:: MATERIAL TO PROCESS ::
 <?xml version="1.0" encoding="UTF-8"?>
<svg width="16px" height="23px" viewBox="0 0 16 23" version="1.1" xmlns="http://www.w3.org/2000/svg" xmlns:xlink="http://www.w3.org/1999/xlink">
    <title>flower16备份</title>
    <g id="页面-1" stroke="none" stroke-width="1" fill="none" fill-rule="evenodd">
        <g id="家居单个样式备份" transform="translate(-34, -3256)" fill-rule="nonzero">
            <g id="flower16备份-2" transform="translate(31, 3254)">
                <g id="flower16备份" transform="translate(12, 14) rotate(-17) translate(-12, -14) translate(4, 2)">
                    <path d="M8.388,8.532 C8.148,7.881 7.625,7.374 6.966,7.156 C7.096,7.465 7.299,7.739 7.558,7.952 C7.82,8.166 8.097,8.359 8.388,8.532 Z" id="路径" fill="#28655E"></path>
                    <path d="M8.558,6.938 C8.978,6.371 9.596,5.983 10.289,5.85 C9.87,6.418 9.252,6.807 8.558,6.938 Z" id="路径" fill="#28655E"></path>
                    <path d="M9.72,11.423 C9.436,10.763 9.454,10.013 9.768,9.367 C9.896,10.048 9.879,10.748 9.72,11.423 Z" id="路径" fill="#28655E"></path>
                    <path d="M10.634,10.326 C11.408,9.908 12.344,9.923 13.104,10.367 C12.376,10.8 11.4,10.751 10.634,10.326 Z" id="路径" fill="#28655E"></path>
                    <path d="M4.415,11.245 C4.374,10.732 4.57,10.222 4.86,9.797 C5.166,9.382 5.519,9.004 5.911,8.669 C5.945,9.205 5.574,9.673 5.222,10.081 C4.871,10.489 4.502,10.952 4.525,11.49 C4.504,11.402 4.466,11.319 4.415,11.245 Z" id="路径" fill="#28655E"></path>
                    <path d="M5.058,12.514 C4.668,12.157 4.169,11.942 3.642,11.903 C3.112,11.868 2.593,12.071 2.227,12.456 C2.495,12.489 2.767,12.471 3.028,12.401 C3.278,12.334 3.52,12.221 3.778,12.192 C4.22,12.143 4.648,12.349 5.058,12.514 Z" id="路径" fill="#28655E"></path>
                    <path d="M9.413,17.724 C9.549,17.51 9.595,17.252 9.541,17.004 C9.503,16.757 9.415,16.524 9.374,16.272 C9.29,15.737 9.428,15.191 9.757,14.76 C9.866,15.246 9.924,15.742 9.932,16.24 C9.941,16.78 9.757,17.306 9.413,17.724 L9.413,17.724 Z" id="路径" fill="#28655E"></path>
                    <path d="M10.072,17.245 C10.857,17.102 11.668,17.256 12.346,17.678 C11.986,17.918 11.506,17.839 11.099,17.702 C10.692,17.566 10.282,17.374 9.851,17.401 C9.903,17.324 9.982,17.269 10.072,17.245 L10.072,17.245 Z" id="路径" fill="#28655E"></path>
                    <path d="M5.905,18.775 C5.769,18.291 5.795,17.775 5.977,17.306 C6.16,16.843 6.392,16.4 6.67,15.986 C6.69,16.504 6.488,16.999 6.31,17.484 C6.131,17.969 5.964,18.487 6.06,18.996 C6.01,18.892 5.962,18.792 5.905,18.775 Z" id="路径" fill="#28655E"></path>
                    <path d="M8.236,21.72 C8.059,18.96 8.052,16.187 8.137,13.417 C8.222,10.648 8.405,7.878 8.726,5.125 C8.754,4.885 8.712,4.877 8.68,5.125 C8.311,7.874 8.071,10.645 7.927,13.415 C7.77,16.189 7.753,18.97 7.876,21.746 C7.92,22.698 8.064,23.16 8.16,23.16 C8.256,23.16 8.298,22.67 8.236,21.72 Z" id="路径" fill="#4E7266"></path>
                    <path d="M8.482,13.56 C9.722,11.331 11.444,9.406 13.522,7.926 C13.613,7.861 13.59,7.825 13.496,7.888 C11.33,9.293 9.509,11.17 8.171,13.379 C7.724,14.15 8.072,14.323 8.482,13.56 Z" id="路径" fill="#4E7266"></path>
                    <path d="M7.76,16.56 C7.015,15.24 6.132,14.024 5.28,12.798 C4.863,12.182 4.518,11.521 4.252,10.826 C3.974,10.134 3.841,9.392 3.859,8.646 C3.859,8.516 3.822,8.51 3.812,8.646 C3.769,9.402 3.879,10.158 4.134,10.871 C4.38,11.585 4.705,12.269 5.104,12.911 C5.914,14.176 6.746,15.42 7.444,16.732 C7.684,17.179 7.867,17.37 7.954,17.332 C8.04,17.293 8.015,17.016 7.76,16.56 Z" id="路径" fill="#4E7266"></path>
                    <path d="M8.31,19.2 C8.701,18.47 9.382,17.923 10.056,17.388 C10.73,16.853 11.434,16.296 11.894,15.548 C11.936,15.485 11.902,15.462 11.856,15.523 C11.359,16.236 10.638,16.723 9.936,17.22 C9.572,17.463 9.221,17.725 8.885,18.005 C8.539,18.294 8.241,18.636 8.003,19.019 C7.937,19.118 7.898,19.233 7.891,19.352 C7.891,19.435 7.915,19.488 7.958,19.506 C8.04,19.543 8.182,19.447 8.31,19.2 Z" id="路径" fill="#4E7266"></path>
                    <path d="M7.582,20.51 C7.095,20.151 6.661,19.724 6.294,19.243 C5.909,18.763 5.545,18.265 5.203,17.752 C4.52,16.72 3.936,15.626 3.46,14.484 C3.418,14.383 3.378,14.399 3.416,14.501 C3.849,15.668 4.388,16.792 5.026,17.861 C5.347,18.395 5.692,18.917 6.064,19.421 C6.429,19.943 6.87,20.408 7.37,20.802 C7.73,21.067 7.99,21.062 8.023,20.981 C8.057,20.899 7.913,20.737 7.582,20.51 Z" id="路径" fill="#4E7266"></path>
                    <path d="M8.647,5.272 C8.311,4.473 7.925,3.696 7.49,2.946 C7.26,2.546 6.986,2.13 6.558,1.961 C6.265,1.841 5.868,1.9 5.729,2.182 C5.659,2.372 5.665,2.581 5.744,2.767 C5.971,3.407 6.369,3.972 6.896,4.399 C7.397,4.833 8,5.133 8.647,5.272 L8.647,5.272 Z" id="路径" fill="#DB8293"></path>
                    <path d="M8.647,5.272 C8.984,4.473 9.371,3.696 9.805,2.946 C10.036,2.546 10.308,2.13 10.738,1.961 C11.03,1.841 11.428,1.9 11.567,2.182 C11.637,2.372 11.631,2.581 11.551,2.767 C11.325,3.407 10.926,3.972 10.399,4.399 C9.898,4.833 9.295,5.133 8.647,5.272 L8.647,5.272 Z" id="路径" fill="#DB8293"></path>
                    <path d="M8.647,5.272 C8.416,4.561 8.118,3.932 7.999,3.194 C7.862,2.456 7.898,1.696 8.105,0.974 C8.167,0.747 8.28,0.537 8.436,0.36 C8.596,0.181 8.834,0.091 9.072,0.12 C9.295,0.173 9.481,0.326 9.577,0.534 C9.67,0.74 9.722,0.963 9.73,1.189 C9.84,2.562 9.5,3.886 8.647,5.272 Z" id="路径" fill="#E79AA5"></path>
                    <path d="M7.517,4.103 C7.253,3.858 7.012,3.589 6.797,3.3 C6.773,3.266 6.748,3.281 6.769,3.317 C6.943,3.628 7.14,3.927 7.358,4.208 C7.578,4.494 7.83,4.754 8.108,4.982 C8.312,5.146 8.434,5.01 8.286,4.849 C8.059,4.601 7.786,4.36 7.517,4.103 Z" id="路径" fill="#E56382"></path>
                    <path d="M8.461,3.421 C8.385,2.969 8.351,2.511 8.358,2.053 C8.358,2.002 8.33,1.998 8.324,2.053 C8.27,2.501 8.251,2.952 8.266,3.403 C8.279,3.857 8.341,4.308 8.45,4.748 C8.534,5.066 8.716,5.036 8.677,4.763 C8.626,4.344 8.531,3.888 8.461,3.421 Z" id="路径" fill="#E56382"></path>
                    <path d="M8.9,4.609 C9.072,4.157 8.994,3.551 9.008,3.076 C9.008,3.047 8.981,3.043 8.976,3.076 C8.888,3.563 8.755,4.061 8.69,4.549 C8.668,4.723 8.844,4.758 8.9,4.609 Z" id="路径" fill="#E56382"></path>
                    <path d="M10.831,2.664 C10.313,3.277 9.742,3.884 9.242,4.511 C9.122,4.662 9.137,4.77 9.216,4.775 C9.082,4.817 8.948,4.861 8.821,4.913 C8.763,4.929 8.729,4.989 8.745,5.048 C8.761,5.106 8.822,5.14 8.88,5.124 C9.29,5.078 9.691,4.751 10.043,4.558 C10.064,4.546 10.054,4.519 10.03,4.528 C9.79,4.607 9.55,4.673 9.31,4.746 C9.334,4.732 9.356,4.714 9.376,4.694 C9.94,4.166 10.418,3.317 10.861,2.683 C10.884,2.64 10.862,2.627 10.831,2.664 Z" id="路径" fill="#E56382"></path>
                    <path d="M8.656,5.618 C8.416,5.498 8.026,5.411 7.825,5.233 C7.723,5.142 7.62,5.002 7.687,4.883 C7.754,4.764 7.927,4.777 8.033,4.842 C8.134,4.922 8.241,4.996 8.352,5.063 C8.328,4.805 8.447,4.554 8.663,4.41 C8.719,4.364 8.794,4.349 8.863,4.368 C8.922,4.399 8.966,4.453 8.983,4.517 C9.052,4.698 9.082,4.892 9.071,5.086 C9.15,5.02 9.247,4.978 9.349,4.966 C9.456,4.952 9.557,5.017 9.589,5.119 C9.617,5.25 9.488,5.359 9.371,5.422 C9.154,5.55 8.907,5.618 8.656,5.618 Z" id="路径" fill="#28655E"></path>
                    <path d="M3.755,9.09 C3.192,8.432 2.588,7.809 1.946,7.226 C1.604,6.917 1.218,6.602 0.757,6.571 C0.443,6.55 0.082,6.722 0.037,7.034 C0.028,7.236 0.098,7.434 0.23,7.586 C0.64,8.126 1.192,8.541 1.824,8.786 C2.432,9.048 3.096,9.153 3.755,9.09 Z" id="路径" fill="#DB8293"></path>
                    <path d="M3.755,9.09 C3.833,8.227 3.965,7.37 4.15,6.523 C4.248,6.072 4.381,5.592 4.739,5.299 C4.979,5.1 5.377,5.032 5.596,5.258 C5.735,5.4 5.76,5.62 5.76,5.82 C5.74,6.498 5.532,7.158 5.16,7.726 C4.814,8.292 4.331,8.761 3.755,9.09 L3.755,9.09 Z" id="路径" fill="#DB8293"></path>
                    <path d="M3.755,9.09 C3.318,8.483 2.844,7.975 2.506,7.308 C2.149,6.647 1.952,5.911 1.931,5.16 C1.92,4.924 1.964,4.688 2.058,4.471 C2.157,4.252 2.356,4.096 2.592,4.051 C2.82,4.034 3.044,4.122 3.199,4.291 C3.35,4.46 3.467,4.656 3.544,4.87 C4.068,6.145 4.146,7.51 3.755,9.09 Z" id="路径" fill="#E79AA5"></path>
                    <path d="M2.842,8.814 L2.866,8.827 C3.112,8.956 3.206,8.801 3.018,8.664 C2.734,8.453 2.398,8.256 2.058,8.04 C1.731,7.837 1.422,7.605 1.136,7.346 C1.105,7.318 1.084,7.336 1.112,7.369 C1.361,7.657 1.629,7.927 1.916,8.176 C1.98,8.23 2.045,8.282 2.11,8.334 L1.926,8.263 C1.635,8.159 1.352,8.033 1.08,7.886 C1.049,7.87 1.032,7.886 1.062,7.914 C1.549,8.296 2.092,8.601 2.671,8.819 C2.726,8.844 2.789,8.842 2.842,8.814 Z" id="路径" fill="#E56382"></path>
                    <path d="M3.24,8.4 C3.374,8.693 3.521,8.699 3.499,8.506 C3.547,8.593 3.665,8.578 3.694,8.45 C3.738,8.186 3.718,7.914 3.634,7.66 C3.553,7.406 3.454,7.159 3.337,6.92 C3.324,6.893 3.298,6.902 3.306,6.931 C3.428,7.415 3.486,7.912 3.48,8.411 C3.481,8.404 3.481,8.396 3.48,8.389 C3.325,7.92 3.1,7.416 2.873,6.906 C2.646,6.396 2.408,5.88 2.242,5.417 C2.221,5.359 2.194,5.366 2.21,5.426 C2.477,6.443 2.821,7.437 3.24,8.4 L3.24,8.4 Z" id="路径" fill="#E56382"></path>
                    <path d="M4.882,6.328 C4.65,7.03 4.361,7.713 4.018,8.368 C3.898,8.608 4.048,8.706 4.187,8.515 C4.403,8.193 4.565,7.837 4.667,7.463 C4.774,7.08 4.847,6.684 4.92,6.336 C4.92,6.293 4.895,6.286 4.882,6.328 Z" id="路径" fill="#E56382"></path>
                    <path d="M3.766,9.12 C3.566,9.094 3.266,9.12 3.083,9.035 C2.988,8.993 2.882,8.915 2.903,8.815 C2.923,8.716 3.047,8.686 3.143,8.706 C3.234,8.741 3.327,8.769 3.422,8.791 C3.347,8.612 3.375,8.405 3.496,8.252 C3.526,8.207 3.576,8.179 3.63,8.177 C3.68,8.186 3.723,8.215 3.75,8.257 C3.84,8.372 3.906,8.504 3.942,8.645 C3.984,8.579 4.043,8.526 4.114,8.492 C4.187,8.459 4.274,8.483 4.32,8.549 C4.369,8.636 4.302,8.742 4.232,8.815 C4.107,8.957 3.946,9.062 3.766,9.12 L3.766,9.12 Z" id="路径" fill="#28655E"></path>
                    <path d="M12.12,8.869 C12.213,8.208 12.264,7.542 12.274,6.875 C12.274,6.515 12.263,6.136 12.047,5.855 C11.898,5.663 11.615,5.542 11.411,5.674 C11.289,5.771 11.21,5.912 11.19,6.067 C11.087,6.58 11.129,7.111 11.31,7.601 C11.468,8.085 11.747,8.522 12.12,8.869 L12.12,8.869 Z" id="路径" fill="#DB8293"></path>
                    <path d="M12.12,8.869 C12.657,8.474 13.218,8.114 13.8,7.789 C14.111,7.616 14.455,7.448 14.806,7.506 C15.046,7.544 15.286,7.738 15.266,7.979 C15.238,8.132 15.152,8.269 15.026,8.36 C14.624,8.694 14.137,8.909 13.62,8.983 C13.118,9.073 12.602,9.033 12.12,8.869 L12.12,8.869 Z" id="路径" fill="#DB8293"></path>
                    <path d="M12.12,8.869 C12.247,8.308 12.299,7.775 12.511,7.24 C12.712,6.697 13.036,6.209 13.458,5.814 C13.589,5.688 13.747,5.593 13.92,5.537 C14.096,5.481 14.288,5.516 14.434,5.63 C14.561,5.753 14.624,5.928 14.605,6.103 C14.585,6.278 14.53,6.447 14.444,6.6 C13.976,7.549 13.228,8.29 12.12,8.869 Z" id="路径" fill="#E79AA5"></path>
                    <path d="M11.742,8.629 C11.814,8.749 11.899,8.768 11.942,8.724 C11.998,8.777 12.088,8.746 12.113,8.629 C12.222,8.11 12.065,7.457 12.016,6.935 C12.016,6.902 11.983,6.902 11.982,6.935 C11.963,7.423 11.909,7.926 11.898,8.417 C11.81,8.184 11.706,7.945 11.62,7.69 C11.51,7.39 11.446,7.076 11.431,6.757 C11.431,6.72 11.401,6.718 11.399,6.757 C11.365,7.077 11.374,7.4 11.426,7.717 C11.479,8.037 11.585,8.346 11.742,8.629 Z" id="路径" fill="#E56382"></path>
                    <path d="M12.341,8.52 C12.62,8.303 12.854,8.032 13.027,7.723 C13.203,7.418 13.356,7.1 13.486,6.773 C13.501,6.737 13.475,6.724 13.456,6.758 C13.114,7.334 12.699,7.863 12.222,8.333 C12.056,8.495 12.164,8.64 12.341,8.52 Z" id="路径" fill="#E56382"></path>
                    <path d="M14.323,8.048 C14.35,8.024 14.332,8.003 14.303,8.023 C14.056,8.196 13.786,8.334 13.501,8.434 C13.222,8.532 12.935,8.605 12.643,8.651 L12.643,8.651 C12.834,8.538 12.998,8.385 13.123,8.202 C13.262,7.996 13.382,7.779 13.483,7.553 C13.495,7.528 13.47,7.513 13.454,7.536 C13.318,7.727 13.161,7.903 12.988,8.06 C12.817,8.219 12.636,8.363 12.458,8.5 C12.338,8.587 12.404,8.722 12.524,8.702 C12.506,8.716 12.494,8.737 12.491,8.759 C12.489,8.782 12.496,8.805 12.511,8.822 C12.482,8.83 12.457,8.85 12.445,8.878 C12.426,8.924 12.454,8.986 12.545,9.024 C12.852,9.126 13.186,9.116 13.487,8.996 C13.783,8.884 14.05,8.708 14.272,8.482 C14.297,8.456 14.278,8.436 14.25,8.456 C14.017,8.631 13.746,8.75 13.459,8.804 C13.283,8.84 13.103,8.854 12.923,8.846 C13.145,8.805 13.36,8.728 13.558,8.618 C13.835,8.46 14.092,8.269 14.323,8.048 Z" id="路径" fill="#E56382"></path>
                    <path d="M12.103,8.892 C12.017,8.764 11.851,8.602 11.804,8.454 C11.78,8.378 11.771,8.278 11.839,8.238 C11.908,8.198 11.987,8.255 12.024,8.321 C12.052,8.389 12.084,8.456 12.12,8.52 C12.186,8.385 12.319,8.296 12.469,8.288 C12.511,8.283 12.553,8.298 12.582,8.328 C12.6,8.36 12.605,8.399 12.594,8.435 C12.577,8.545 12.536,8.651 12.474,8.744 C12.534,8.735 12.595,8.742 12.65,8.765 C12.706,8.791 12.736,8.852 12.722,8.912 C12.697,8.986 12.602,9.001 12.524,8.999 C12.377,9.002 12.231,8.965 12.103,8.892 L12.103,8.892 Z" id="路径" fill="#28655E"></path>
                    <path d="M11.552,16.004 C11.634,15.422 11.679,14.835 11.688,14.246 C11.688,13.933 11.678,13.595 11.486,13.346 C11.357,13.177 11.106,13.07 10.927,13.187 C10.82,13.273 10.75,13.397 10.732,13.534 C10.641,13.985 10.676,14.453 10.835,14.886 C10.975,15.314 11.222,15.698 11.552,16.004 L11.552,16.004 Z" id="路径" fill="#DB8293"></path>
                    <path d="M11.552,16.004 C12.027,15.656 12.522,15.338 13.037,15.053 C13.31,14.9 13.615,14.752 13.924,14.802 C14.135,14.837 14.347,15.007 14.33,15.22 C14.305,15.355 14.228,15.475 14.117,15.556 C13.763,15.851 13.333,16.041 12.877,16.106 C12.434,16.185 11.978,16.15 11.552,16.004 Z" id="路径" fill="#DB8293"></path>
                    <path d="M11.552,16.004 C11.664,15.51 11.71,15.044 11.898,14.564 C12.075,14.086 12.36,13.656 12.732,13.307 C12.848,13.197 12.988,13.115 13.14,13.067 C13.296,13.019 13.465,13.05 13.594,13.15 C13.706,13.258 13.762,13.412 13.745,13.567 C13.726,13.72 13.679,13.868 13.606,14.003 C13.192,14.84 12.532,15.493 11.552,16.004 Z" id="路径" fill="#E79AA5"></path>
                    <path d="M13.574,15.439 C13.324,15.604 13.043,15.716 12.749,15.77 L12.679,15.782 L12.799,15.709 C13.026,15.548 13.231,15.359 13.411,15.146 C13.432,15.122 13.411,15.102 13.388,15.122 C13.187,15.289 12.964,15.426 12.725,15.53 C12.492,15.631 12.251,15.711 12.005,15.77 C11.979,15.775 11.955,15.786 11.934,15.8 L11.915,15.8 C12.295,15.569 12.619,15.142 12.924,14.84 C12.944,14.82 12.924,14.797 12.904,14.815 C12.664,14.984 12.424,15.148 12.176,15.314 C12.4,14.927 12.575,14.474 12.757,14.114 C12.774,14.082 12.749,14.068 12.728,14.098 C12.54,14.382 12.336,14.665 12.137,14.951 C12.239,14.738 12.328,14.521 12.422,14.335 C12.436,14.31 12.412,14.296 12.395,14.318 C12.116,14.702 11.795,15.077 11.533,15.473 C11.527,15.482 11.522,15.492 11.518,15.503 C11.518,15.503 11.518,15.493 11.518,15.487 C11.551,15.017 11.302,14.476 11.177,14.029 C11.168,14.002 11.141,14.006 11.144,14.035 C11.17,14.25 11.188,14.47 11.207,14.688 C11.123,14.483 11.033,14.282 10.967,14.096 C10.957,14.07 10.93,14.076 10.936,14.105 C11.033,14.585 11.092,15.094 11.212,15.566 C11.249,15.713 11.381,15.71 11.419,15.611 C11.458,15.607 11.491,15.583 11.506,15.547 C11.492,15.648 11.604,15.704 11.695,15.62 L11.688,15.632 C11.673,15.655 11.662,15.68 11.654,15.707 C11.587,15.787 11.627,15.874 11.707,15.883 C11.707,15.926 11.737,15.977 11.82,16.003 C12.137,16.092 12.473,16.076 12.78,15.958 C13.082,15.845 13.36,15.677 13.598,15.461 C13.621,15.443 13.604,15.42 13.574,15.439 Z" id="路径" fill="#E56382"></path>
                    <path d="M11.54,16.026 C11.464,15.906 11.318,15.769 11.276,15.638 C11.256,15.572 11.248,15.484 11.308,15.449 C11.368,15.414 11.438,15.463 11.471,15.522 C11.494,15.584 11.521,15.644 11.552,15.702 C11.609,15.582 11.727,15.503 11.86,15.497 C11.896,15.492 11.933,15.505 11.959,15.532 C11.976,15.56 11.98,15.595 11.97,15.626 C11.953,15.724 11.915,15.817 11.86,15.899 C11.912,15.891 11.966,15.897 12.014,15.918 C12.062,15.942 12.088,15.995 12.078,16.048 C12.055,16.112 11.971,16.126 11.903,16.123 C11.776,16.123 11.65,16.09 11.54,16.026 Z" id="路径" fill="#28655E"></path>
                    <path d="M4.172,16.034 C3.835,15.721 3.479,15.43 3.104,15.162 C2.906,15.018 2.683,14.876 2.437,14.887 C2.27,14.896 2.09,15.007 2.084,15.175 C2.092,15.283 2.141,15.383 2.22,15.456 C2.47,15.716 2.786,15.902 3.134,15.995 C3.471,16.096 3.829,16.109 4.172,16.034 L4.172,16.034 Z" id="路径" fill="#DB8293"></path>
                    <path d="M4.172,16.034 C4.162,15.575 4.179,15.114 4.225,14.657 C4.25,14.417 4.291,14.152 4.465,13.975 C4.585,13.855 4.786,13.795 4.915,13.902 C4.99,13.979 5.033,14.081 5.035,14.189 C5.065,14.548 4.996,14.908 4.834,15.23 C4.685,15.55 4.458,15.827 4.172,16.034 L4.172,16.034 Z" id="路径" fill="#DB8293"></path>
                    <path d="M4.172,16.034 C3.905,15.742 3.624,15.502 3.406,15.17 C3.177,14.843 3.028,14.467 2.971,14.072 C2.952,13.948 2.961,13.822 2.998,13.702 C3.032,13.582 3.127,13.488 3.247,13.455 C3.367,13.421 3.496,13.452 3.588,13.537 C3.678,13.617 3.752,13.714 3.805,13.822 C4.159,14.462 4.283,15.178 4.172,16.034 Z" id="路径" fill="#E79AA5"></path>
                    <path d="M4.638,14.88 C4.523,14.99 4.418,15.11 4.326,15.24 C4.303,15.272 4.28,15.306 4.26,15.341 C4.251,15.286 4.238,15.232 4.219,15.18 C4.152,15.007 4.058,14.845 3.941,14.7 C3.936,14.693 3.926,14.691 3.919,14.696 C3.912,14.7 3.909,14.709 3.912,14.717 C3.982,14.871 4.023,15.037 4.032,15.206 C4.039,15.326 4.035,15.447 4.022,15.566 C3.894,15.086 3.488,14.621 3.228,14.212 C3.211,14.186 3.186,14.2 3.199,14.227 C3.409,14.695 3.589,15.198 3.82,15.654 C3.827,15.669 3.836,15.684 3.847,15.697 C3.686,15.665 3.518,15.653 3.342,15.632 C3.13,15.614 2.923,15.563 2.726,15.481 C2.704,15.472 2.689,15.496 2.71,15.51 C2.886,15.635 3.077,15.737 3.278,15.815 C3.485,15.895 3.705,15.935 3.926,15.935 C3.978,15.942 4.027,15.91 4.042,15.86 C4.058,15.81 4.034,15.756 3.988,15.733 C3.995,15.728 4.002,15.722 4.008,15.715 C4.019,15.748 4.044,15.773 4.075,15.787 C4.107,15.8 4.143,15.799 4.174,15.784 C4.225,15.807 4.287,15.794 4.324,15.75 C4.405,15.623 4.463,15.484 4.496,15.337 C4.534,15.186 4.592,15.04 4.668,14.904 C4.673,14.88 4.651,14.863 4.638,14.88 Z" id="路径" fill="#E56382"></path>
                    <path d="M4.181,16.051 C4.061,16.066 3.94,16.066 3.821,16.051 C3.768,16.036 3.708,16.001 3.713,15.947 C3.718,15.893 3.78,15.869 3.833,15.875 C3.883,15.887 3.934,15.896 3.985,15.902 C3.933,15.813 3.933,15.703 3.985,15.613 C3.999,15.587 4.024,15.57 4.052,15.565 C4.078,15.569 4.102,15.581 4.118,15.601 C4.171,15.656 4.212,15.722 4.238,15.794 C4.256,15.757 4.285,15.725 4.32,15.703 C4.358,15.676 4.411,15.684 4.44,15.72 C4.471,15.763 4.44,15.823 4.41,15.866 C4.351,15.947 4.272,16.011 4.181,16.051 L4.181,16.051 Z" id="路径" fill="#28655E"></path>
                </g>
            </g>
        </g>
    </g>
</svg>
:::
- [WORK ORDER]: Your reply should be one number: how many lines in the listing hold the word "version".

- [SOLUTION FOR THIS TASK]: 2